Quels enfants sont les plus à risque ?

Au terme de leur analyse, les chercheurs ont observé que le MIS-C touchait plus les enfants à la peau noire (40% des cas recensés) ou d'origine hispanique (36% des cas recensés).

Quels sont les symptômes chez l'enfant ?

Le syndrome inflammatoire multisystémique entraîne quasiment tout le temps de la fièvre (d'une durée supérieure à 4 jours) et, dans plus de 80% des cas recensés, des troubles gastro-intestinaux (douleurs abdominales, nausées et vomissements, diarrhées) et des troubles du système cardiovasculaire (97% présentent une tachycardie, 8 à 9% ont développé un anévrisme des artères coronaires, 53% des cas présentent une myocardite, une inflammation des tissus musculaires du cœur). 60% des cas, particulièrement les enfants de moins de 5 ans, présentent pour la plupart des éruptions cutanées. Parmi les personnes atteintes du MIS-C, 80% ont été admis en soins intensifs, 20% ont reçu une assistance respiratoire et 2% sont décédés. 

MIS-C et maladie de Kawasaki : points communs et différences ?

Le MIS-C toucherait des enfants un peu plus âgés que la maladie de Kawasaki.

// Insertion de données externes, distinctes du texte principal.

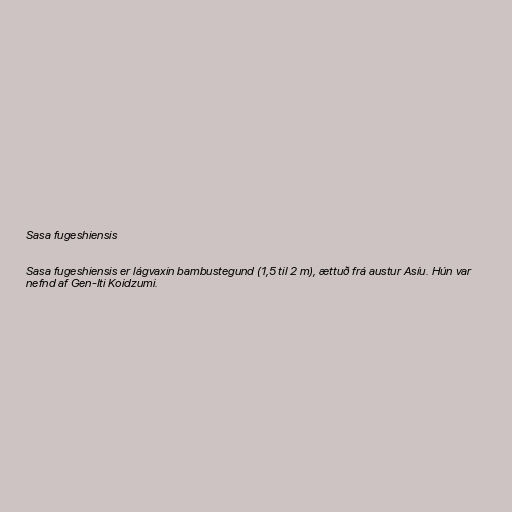
Sasa fugeshiensis

Sasa fugeshiensis er lágvaxin bambustegund (1,5 til 2 m), ættuð frá austur Asíu. Hún var
nefnd af Gen-Iti Koidzumi.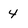
Character: 4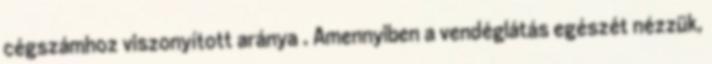
cégszámhoz viszonyított aránya . Amennyiben a vendéglátás egészét nézzük,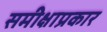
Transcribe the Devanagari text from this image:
समीक्षाप्रकार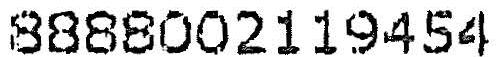
8888002119454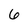
Character: 6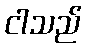
ငါသည်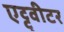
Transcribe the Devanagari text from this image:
एट्टुवीटर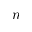
\boldsymbol { n }

Les médecins qui ont lancé l'alerte en avril dernier ont très vite relevé de grandes similitudes entre la maladie de Kawasaki et le MIS-C. Les symptômes de la maladie de Kawasaki et du MIS-C sont quasiment identiques (fièvre, grande fatigue, diarrhée, éruptions cutanées, inflammation des artères...). Les deux maladies ont donc des points communs. En revanche, le MIS-C toucherait des enfants un peu plus âgés (42% ont entre 6 et 12 ans) que la maladie de Kawasaki qui concerne davantage les nourrissons et les très jeunes enfants. Par ailleurs, le MIS-C provoquerait des inflammations et des lésions du myocarde plus intenses que la maladie de Kawasaki. Enfin, la maladie de Kawasaki, dans sa forme classique, "affecte généralement les enfants asiatiques de manière disproportionnée. Tandis que le MIS-C associé à la Covid-19 semble survenir chez les enfants de toutes origines raciales ethniques", soulignent les chercheurs.

Quel est le traitement ?

Comme la cause du MIS-C est encore inconnue, il est difficile de trouver un traitement efficace. À ce jour, la plupart des patients ont été traités avec des agents qui se sont révélés bénéfiques dans la maladie de Kawasaki ou d'autres troubles inflammatoires. "Ainsi, des essais seront nécessaires pour établir la thérapie appropriée", poursuit Michael Levin.

Existe-t-il un vaccin ?

Non. Pour le moment, il n'existe pas de vaccin pour prévenir le syndrome inflammatoire multisystémique. Connaître avec précision sa cause pourrait permettre également d'élaborer un vaccin préventif.

Sources : Deux études citées dans l'article "Multisystem Inflammatory Syndrome in Children in New York State", The New England Journal of Medicine, 29 juin 2020 et l'édito du Pr Michael Levin : "Childhood Multisystem Inflammatory Syndrome — A New Challenge in the Pandemic", 29 juin 2020.